◆ Exercise requirements:
Below are records; count the lines that contain "Orientation" and give only the total.

[Data to examine — start]

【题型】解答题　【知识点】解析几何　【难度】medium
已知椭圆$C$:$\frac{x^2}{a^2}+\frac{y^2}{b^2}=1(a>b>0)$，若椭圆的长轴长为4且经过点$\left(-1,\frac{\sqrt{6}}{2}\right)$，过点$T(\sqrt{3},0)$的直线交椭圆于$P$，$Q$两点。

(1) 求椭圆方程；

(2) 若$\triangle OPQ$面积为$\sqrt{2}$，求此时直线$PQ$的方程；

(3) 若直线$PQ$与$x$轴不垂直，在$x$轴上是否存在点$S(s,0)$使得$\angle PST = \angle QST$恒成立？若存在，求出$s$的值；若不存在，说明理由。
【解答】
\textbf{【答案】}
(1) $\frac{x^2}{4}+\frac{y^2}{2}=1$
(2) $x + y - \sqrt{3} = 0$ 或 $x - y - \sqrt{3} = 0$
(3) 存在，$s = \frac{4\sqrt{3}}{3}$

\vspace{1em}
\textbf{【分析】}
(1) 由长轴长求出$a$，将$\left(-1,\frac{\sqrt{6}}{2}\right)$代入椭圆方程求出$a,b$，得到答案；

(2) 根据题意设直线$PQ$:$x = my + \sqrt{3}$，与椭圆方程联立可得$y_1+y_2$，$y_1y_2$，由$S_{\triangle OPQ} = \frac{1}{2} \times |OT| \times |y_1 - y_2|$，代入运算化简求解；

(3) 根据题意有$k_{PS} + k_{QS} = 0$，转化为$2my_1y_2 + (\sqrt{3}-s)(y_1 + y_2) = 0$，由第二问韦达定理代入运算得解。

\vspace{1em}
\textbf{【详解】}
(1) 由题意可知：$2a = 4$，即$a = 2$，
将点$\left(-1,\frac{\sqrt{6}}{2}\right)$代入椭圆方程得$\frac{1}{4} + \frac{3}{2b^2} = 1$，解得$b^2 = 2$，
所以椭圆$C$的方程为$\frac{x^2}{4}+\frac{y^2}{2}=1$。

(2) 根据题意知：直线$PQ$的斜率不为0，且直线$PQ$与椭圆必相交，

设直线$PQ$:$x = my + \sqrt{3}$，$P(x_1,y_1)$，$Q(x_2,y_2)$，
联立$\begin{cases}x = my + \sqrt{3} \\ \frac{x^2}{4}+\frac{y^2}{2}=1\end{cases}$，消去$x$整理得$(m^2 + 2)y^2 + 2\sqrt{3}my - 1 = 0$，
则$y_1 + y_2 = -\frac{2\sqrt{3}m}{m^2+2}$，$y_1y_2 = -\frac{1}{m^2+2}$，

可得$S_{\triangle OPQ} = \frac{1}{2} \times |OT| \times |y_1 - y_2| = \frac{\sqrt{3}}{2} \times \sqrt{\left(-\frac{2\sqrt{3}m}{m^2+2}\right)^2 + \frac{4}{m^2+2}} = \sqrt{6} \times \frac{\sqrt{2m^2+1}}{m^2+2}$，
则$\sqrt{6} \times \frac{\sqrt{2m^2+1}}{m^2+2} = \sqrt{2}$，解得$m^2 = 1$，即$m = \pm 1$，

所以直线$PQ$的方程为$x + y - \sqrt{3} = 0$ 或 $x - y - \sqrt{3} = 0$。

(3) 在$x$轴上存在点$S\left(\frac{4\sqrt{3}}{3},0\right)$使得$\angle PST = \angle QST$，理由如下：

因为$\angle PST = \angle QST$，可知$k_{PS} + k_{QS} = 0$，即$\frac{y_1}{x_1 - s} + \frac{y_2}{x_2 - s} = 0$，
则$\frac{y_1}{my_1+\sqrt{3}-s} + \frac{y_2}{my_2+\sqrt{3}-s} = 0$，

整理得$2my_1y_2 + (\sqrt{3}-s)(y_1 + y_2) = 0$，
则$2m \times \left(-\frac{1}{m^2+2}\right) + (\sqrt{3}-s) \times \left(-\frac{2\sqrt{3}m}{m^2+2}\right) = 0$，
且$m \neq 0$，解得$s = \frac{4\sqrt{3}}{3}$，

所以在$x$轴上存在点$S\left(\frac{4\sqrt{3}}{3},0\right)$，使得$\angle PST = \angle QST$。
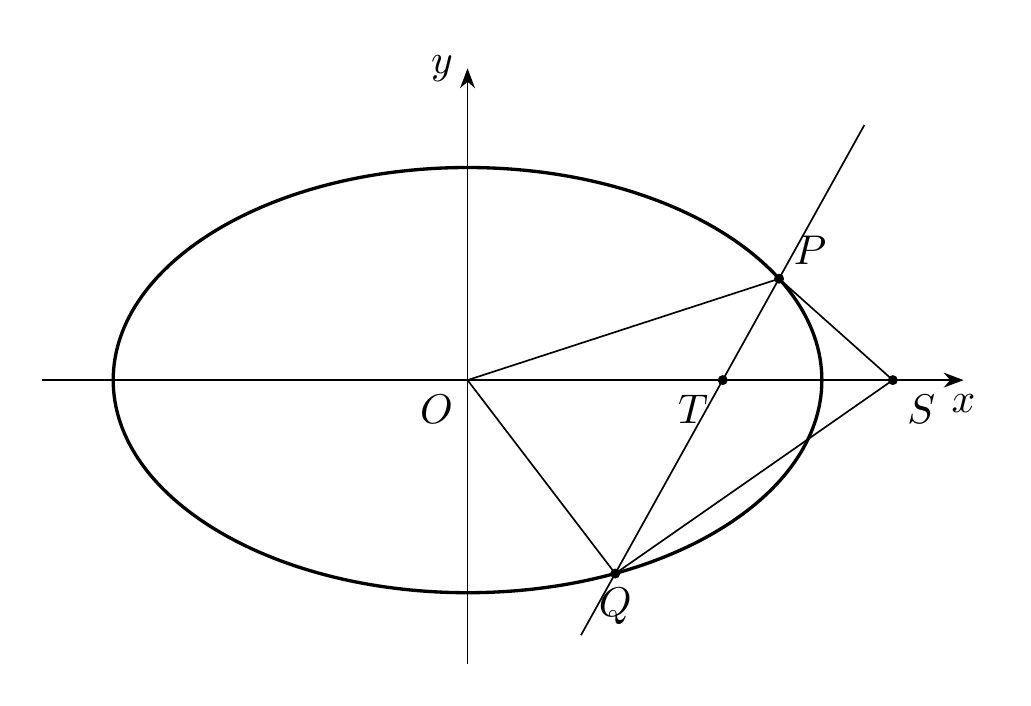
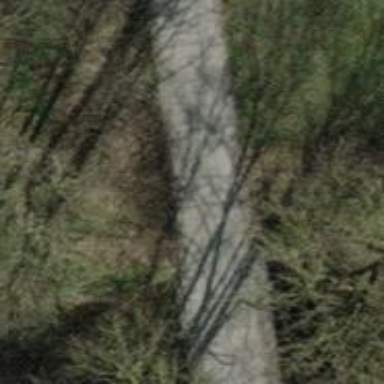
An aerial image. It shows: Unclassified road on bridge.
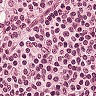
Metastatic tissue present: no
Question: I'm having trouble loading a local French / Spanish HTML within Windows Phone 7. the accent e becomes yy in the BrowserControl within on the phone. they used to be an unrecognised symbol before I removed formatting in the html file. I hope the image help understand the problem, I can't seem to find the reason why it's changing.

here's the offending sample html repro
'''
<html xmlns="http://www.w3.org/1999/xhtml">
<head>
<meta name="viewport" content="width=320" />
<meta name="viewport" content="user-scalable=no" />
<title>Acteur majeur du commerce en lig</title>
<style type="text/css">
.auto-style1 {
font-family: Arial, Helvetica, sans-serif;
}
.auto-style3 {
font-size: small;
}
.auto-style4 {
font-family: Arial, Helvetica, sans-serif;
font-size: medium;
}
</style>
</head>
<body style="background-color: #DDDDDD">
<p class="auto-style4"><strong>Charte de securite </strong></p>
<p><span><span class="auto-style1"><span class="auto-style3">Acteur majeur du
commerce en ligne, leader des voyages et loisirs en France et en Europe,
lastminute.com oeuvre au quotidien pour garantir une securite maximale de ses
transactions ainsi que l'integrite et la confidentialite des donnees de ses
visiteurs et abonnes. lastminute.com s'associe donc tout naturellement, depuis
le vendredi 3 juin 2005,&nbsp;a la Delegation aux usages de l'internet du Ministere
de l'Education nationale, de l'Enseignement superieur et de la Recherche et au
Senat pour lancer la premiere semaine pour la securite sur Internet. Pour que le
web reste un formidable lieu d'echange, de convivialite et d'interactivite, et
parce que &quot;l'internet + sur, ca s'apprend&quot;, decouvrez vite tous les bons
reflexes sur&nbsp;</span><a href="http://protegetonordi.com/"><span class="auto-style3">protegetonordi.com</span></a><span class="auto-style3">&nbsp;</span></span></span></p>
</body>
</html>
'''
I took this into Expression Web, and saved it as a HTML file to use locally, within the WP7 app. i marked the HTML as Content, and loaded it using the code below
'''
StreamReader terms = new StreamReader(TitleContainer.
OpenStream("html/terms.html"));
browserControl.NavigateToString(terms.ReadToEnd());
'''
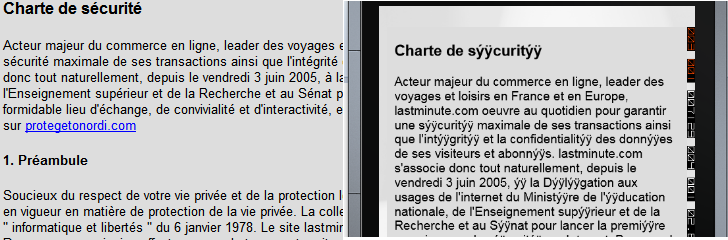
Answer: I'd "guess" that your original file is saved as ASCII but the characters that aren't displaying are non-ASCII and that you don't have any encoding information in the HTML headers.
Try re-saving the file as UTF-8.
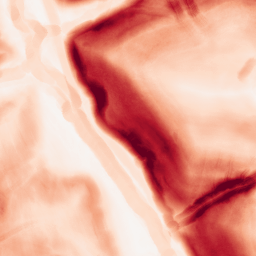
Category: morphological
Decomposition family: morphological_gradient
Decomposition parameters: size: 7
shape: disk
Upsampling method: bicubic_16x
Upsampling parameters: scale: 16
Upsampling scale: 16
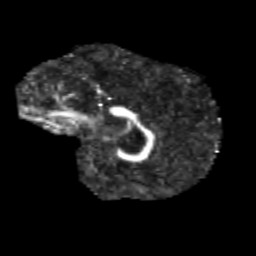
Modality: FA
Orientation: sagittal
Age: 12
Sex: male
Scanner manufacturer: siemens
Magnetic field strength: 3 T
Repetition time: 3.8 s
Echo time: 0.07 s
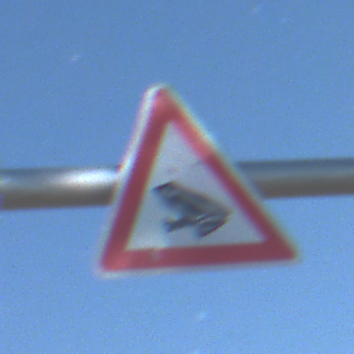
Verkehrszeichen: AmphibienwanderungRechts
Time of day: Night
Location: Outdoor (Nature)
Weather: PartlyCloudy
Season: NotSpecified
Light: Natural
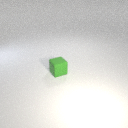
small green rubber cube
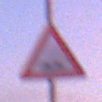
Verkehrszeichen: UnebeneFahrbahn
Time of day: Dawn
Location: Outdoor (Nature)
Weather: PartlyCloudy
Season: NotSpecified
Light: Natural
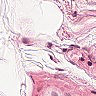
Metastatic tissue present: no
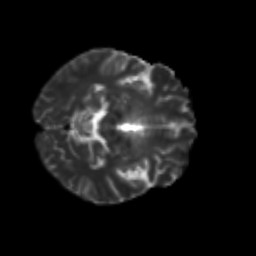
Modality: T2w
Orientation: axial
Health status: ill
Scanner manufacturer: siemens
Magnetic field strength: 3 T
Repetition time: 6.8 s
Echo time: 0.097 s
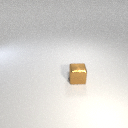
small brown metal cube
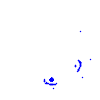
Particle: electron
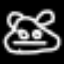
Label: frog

[Data to examine — finish]
[Data to examine — start]

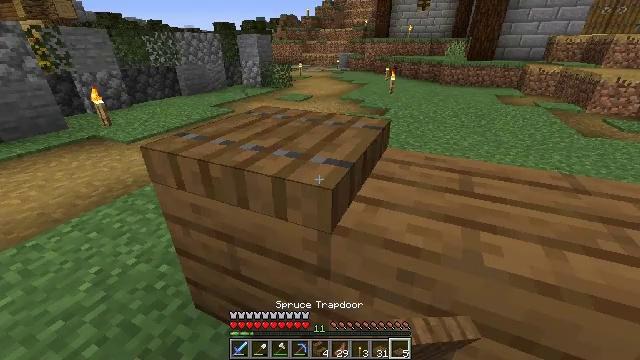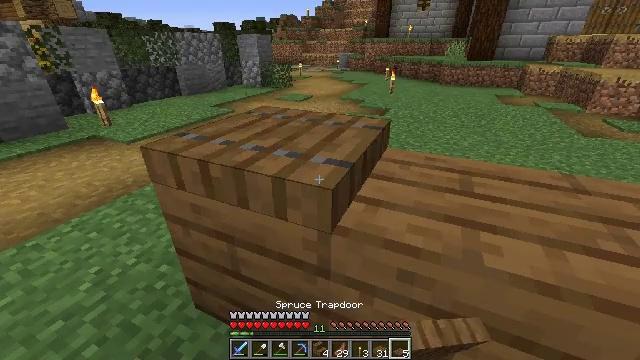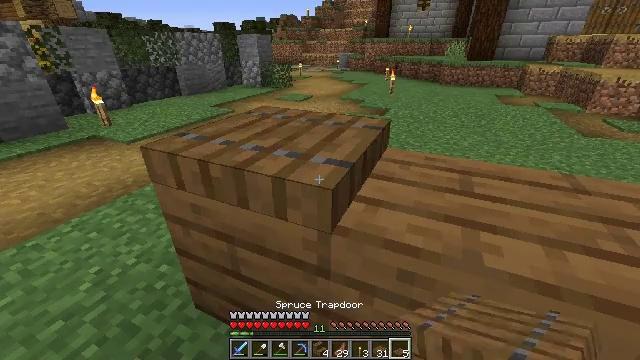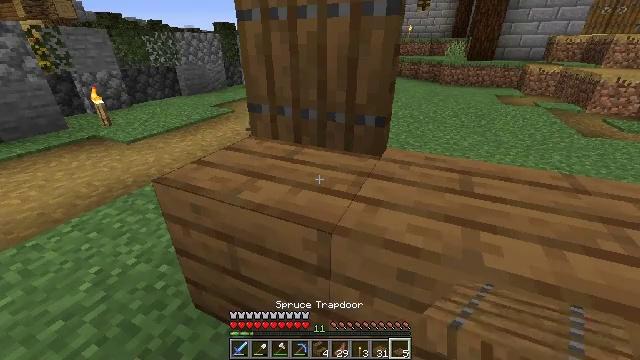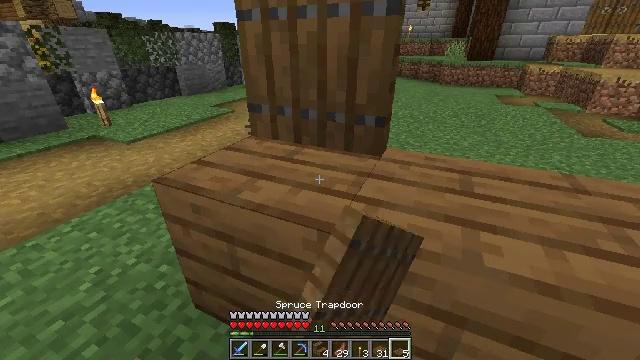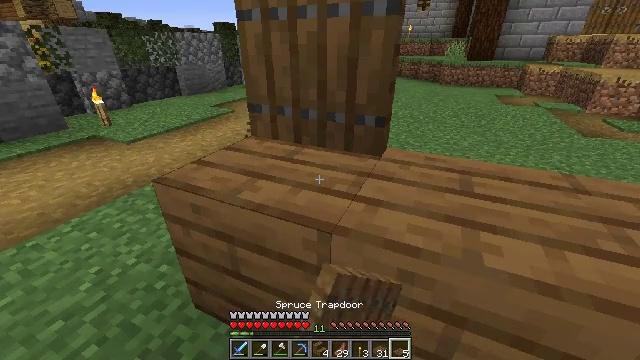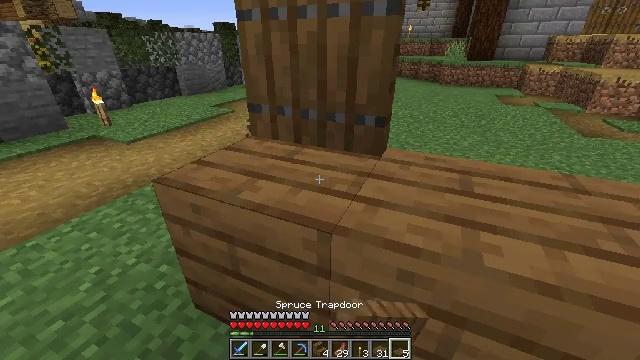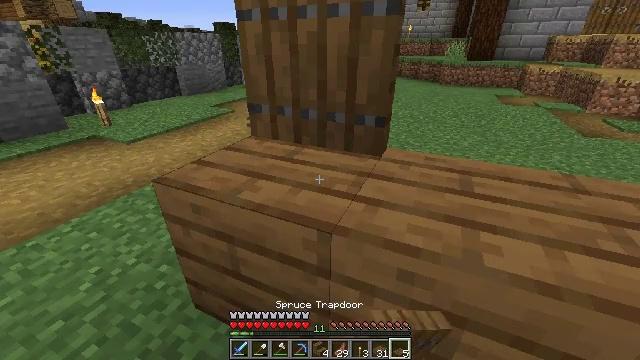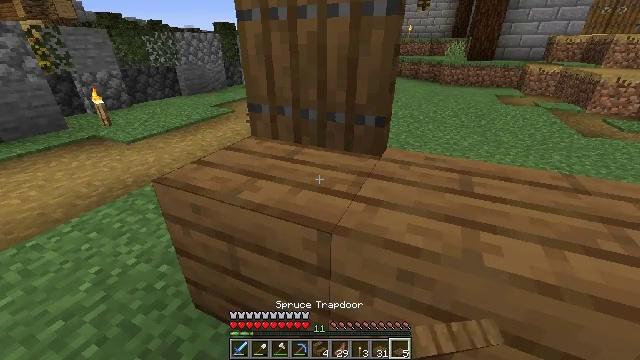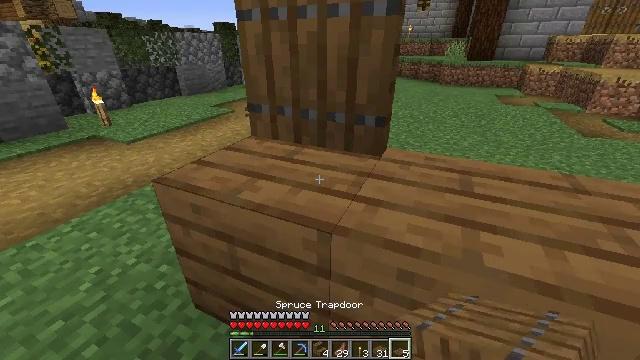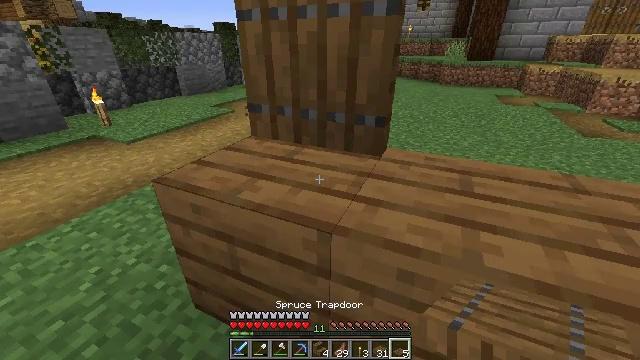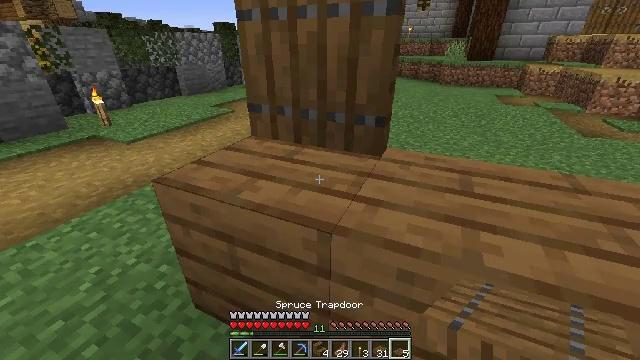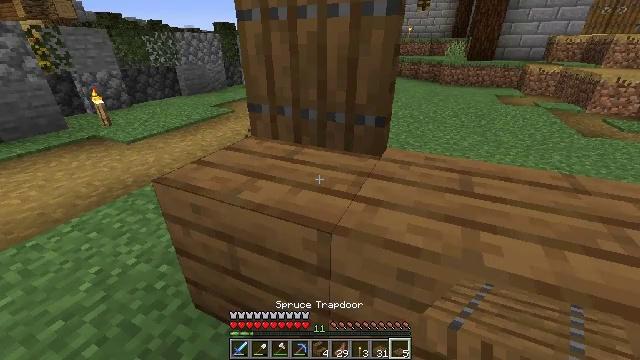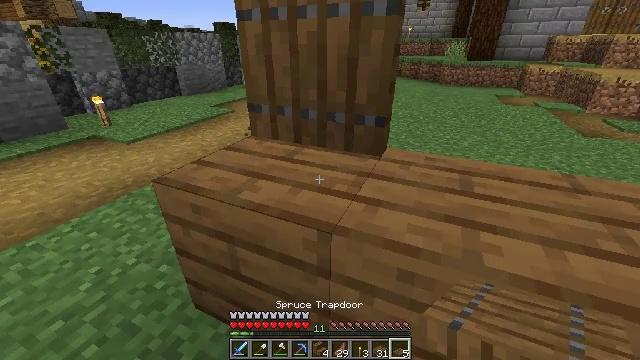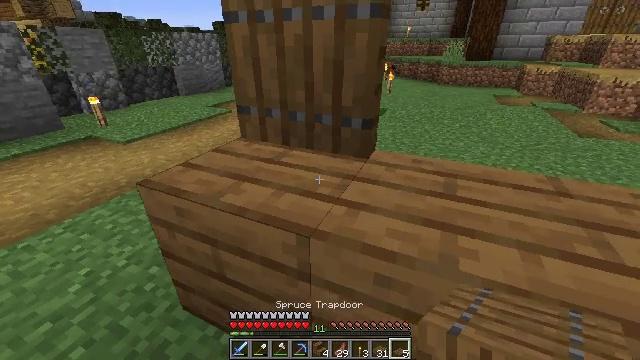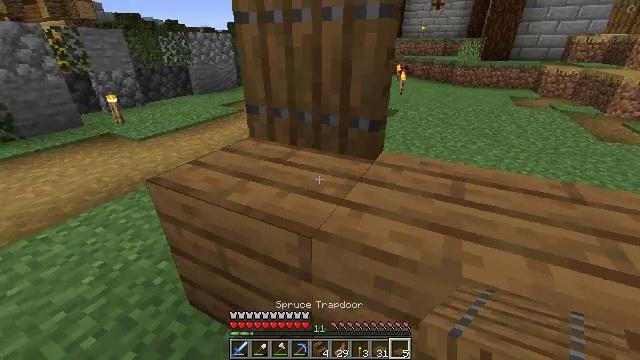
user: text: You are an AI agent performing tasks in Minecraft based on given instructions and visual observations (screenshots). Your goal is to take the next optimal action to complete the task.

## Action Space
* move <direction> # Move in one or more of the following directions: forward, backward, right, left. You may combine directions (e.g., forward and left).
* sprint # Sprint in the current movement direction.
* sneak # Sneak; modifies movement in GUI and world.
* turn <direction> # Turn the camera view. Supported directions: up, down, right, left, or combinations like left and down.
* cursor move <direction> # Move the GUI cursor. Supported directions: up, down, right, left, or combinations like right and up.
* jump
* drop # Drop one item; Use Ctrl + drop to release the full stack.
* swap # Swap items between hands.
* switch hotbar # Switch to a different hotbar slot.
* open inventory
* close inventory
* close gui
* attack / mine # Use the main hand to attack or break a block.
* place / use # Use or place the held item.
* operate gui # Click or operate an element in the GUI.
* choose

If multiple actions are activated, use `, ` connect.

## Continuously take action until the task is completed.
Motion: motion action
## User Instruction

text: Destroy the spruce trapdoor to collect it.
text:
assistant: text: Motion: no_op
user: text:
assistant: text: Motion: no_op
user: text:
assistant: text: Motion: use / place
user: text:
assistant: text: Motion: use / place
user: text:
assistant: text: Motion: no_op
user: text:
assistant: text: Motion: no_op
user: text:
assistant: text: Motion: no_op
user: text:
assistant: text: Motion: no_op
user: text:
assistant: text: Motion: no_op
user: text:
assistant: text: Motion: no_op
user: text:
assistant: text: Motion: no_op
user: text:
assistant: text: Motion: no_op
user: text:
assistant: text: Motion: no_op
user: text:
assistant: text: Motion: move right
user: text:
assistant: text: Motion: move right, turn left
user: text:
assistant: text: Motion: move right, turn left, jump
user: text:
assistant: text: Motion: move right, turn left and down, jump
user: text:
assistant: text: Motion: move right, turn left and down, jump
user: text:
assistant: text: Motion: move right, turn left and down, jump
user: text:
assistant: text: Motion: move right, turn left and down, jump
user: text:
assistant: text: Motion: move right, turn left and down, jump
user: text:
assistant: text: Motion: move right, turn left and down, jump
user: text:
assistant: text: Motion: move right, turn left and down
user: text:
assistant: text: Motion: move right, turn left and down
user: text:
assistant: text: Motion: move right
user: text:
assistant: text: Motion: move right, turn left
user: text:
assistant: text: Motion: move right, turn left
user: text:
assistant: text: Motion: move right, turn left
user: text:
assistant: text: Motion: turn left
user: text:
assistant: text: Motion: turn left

[Data to examine — finish]
[Data to examine — start]

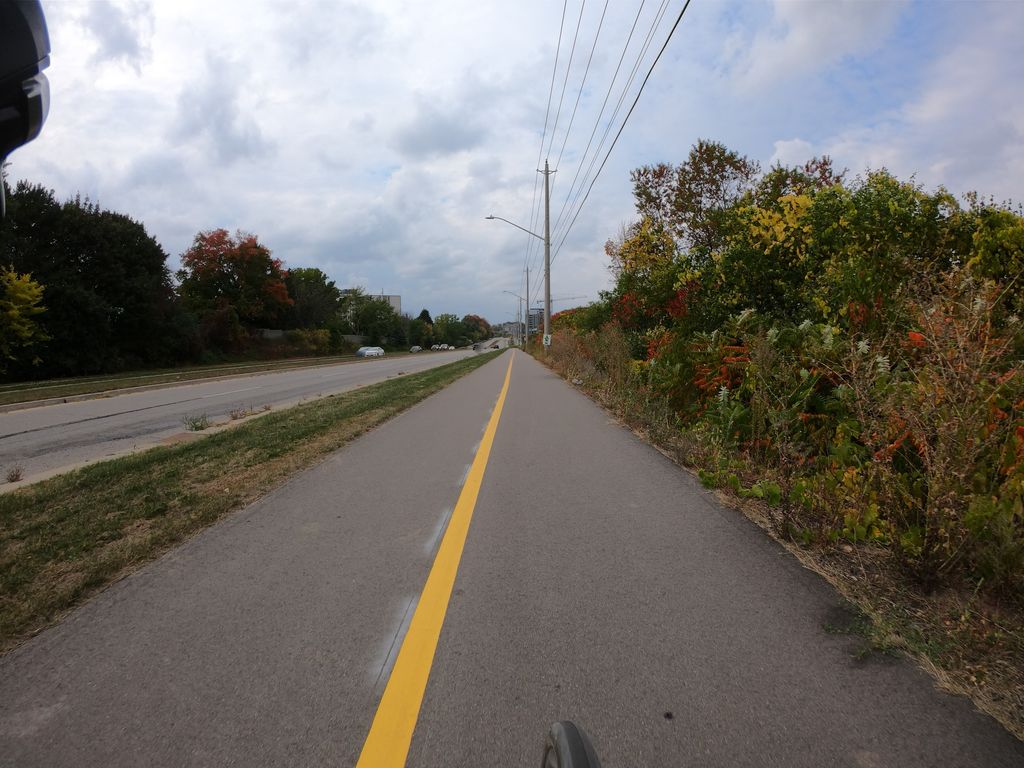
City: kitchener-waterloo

[Data to examine — finish]

◆ Solution to the problem:
2